### Action item
Please repeat exactly the lines from the one containing "Here is a ground" through the last line of the records below, leaving out any pictures.

********************

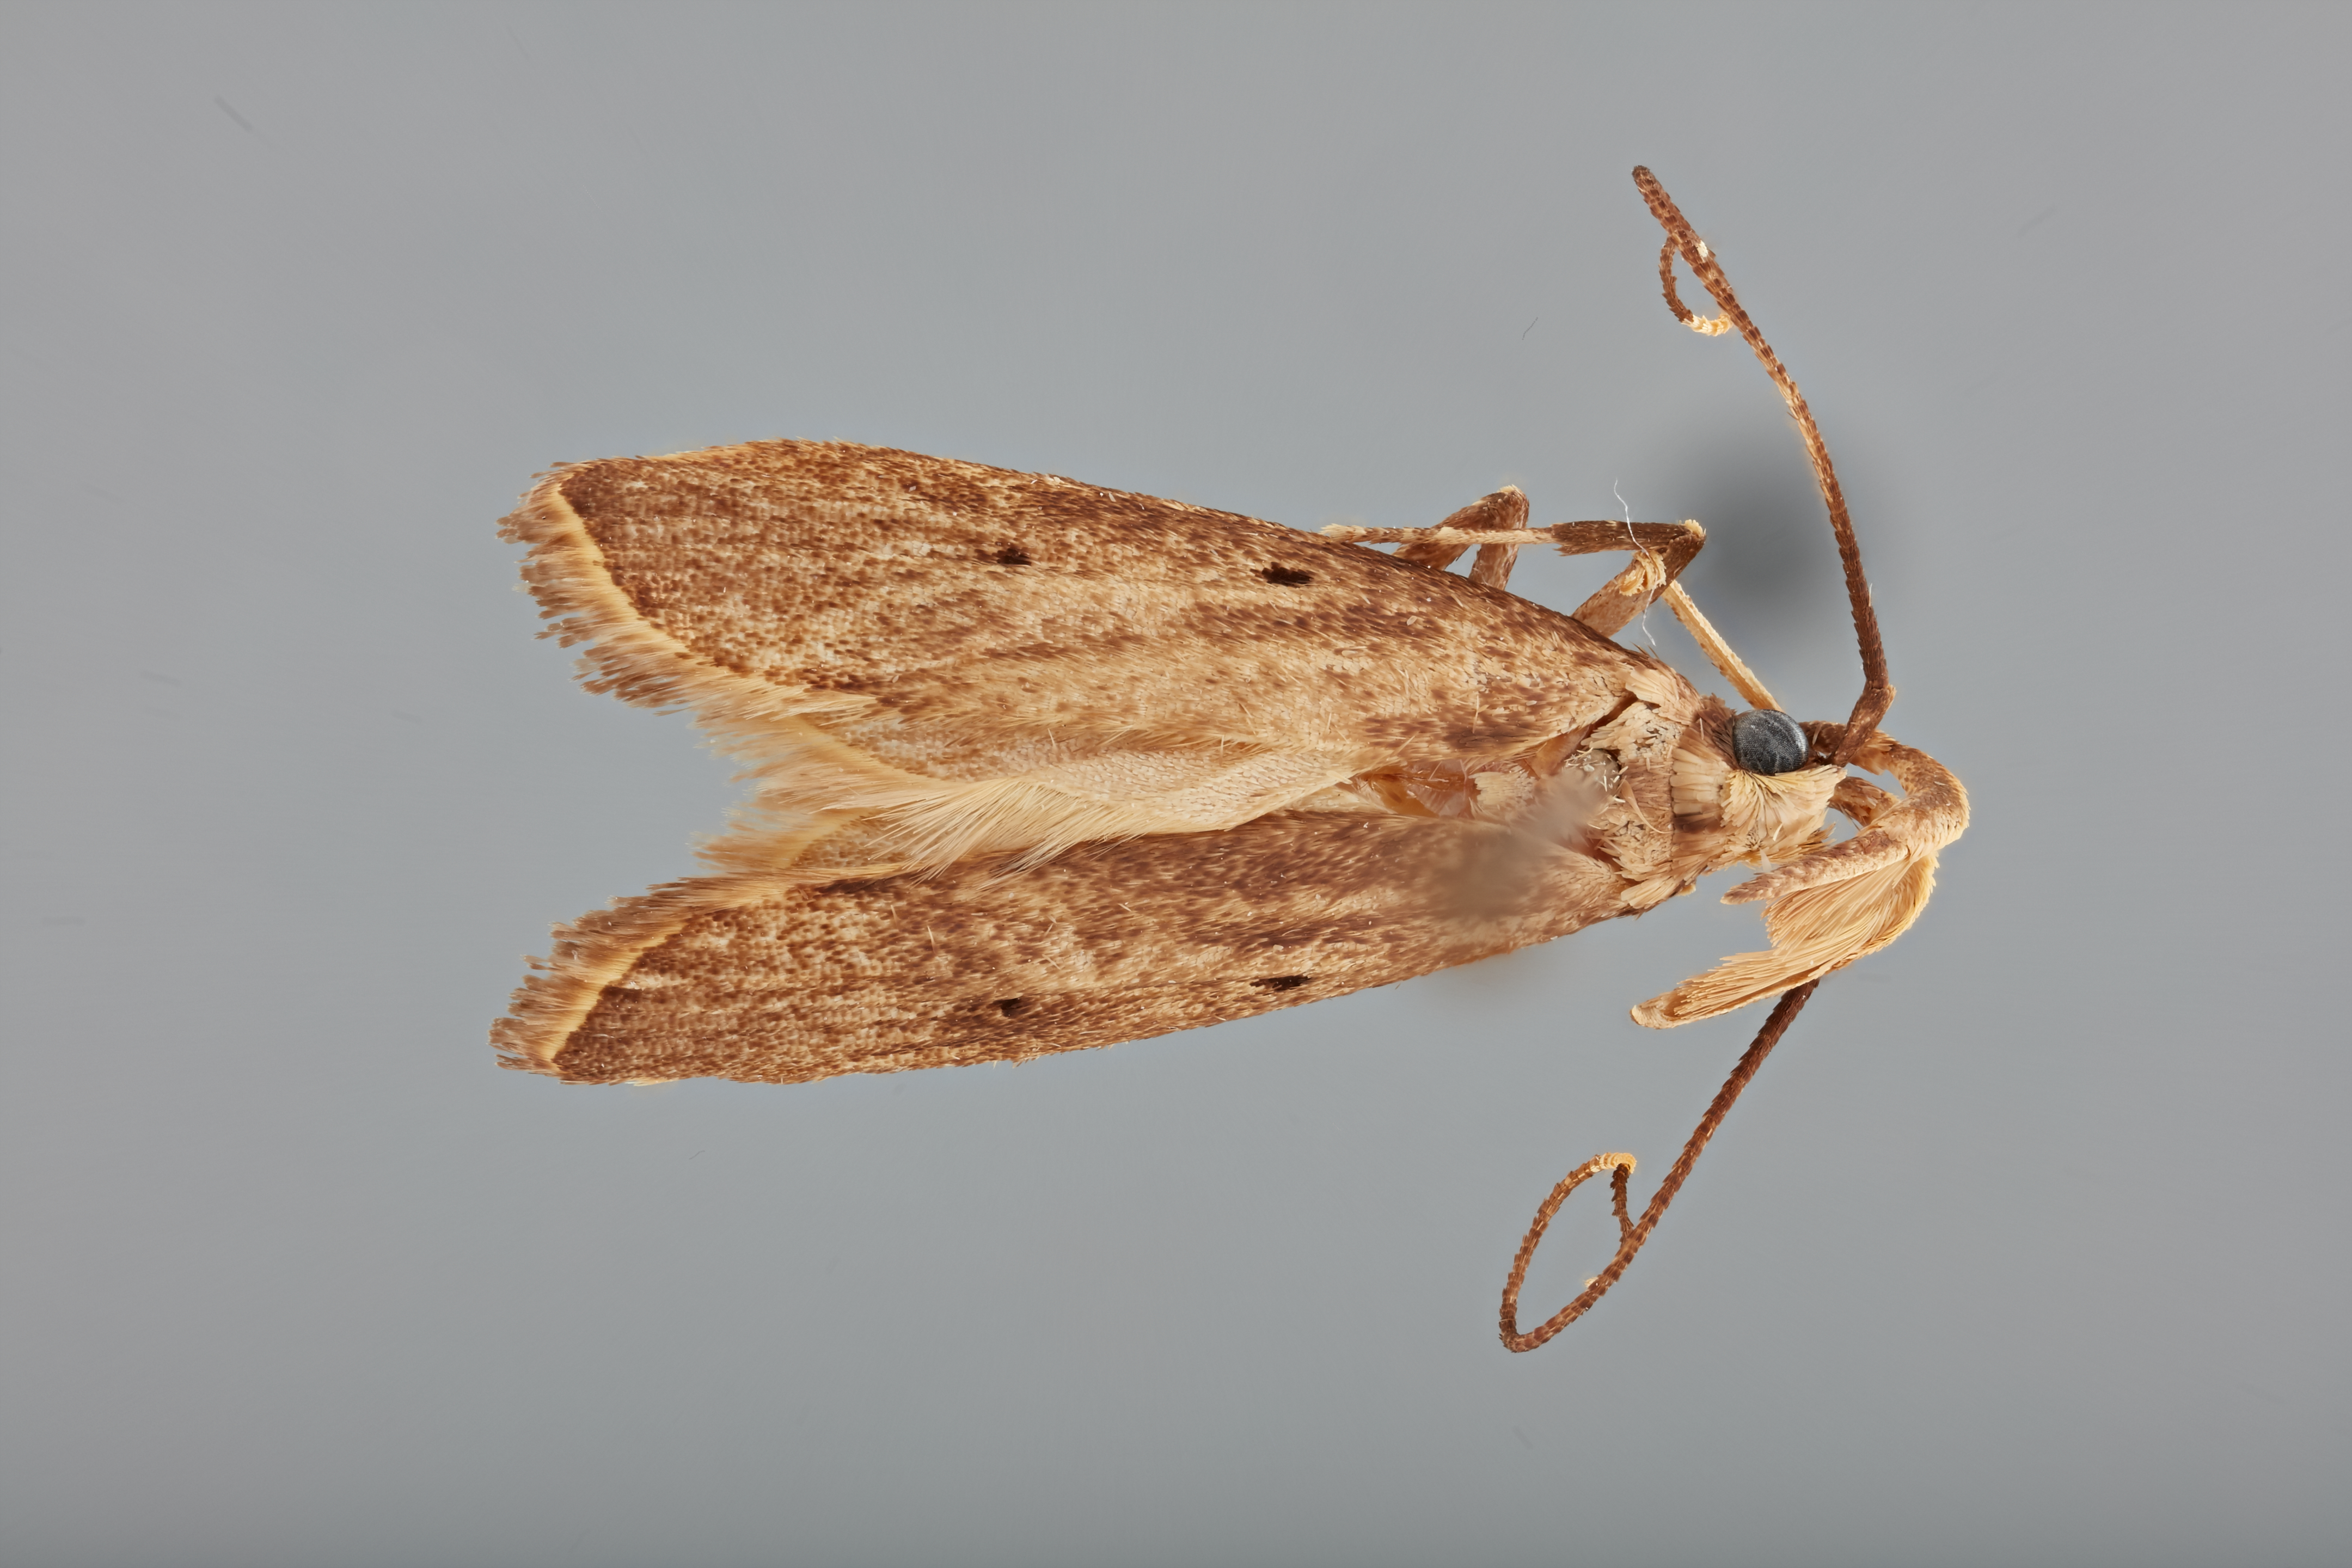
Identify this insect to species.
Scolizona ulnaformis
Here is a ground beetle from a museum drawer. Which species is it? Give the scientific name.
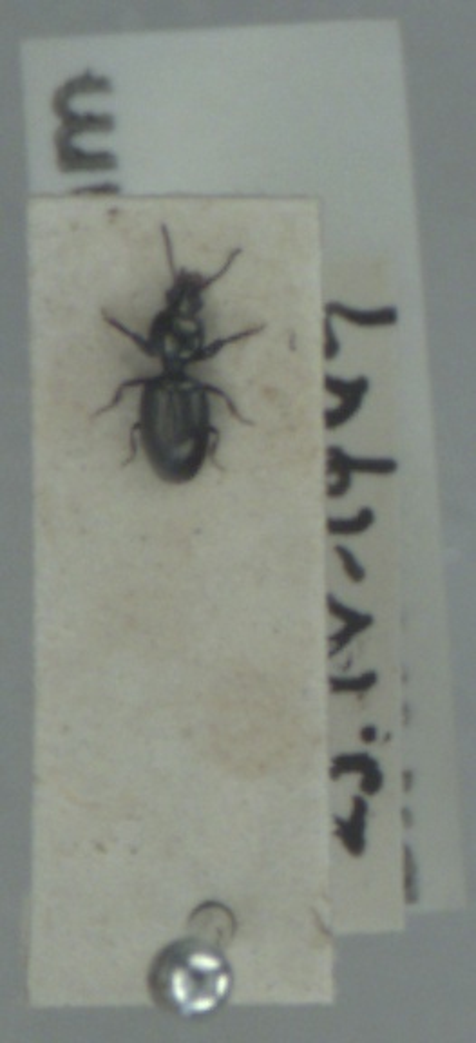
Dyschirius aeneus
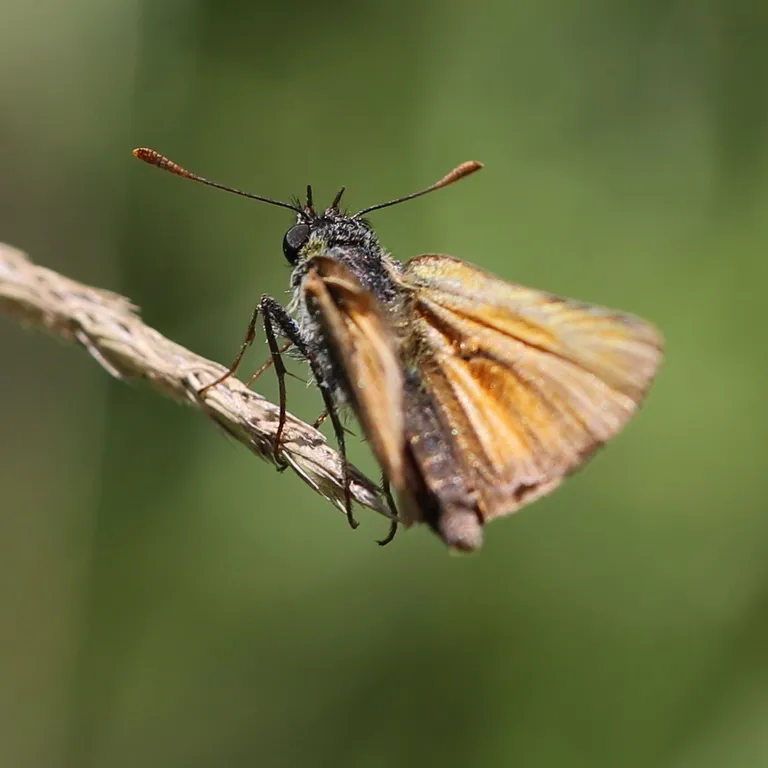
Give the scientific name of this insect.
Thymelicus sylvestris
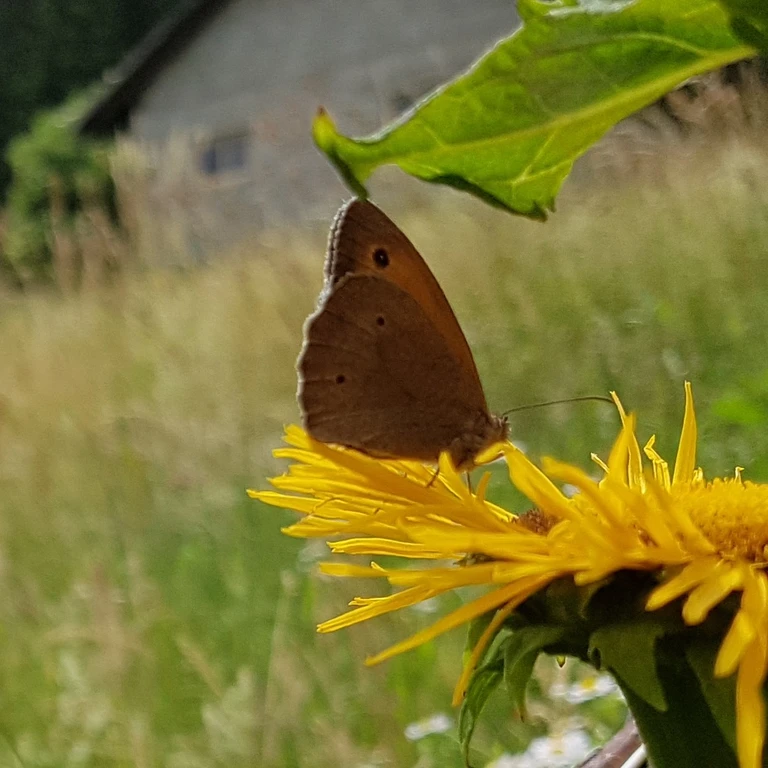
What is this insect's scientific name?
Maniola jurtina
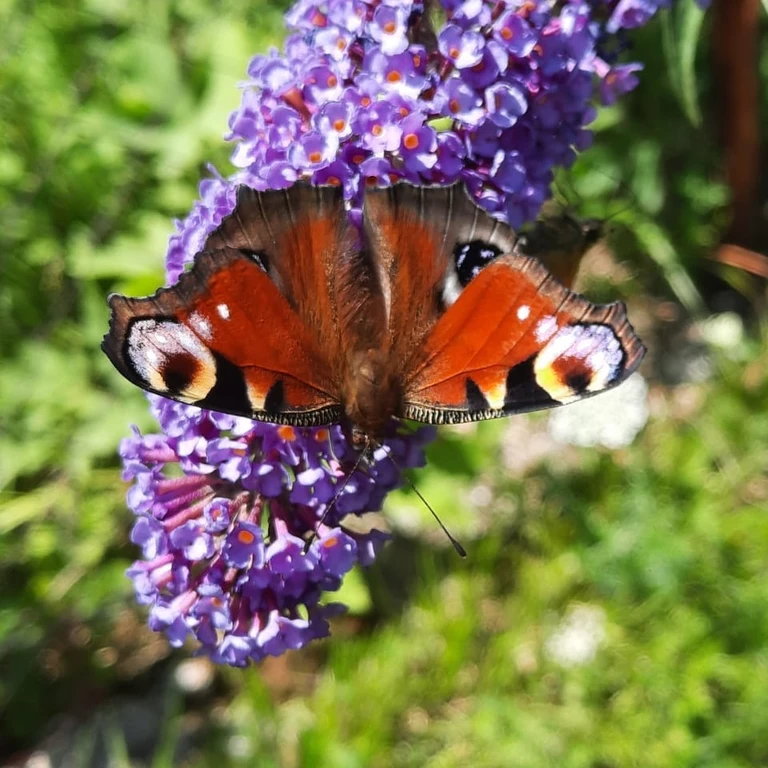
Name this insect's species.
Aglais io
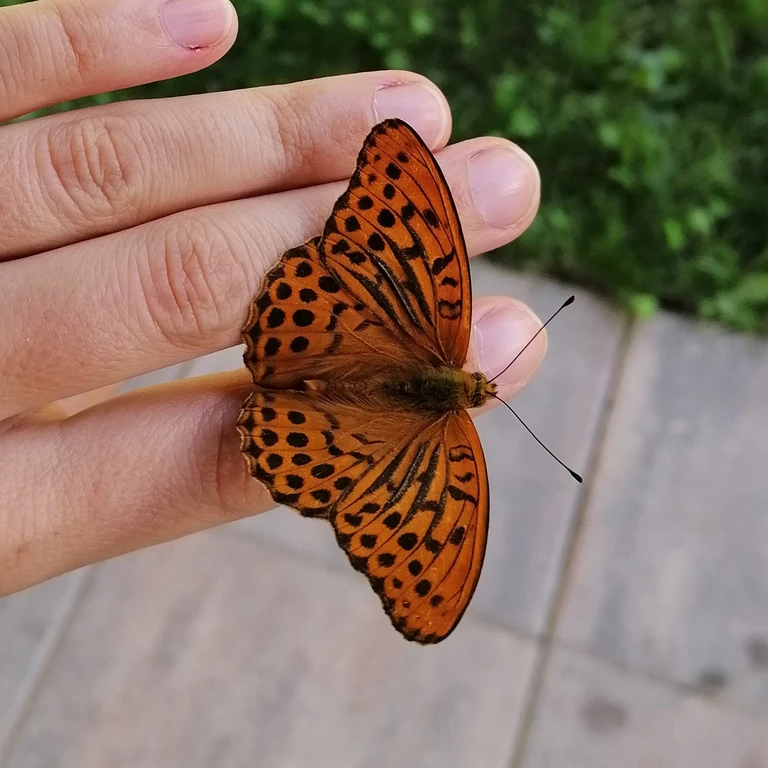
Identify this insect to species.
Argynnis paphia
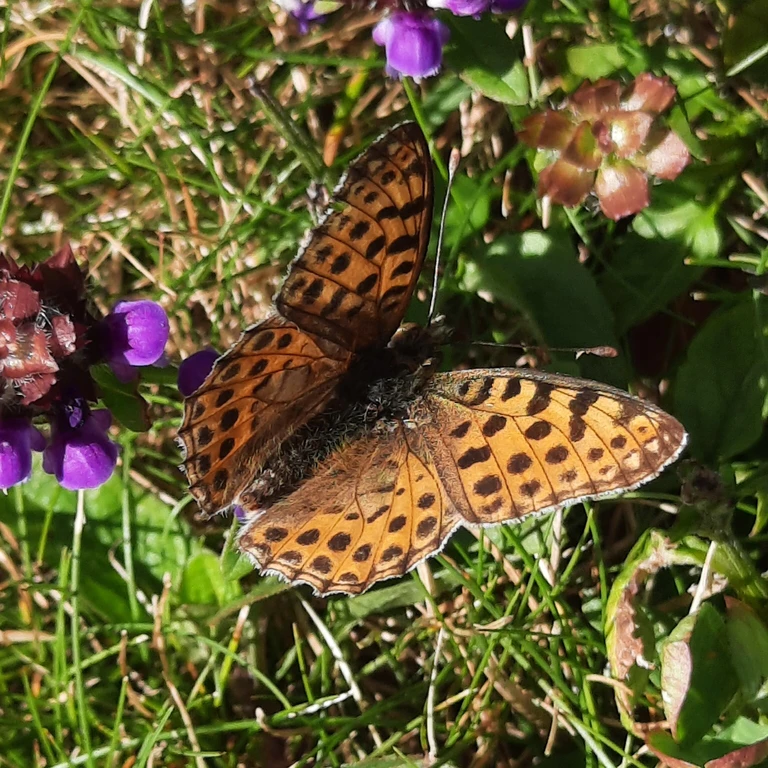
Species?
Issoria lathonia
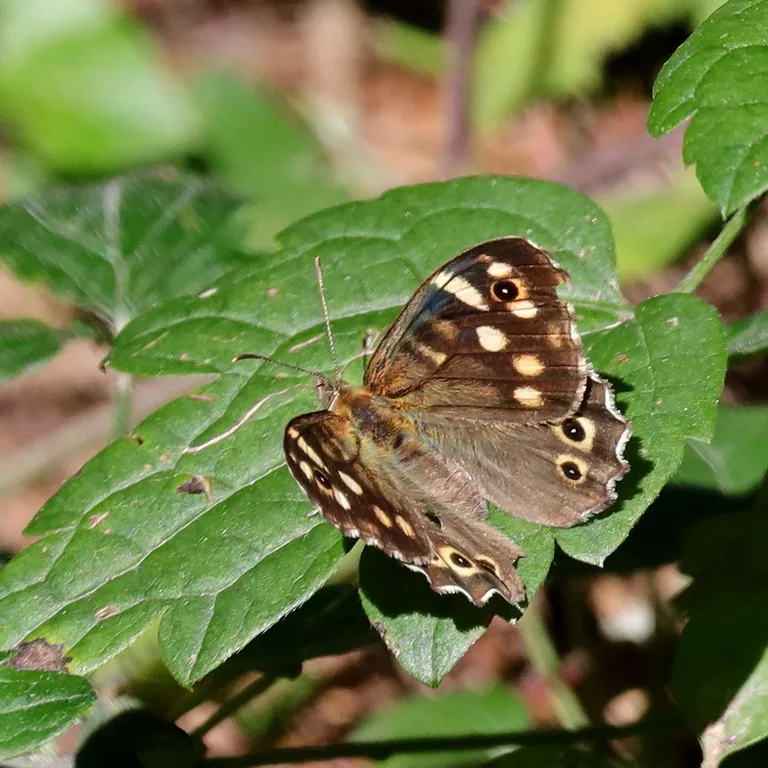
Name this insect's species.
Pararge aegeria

********************

### Exercise answer
Here is a ground beetle from a museum drawer. Which species is it? Give the scientific name.
Dyschirius aeneus
Give the scientific name of this insect.
Thymelicus sylvestris
What is this insect's scientific name?
Maniola jurtina
Name this insect's species.
Aglais io
Identify this insect to species.
Argynnis paphia
Species?
Issoria lathonia
Name this insect's species.
Pararge aegeria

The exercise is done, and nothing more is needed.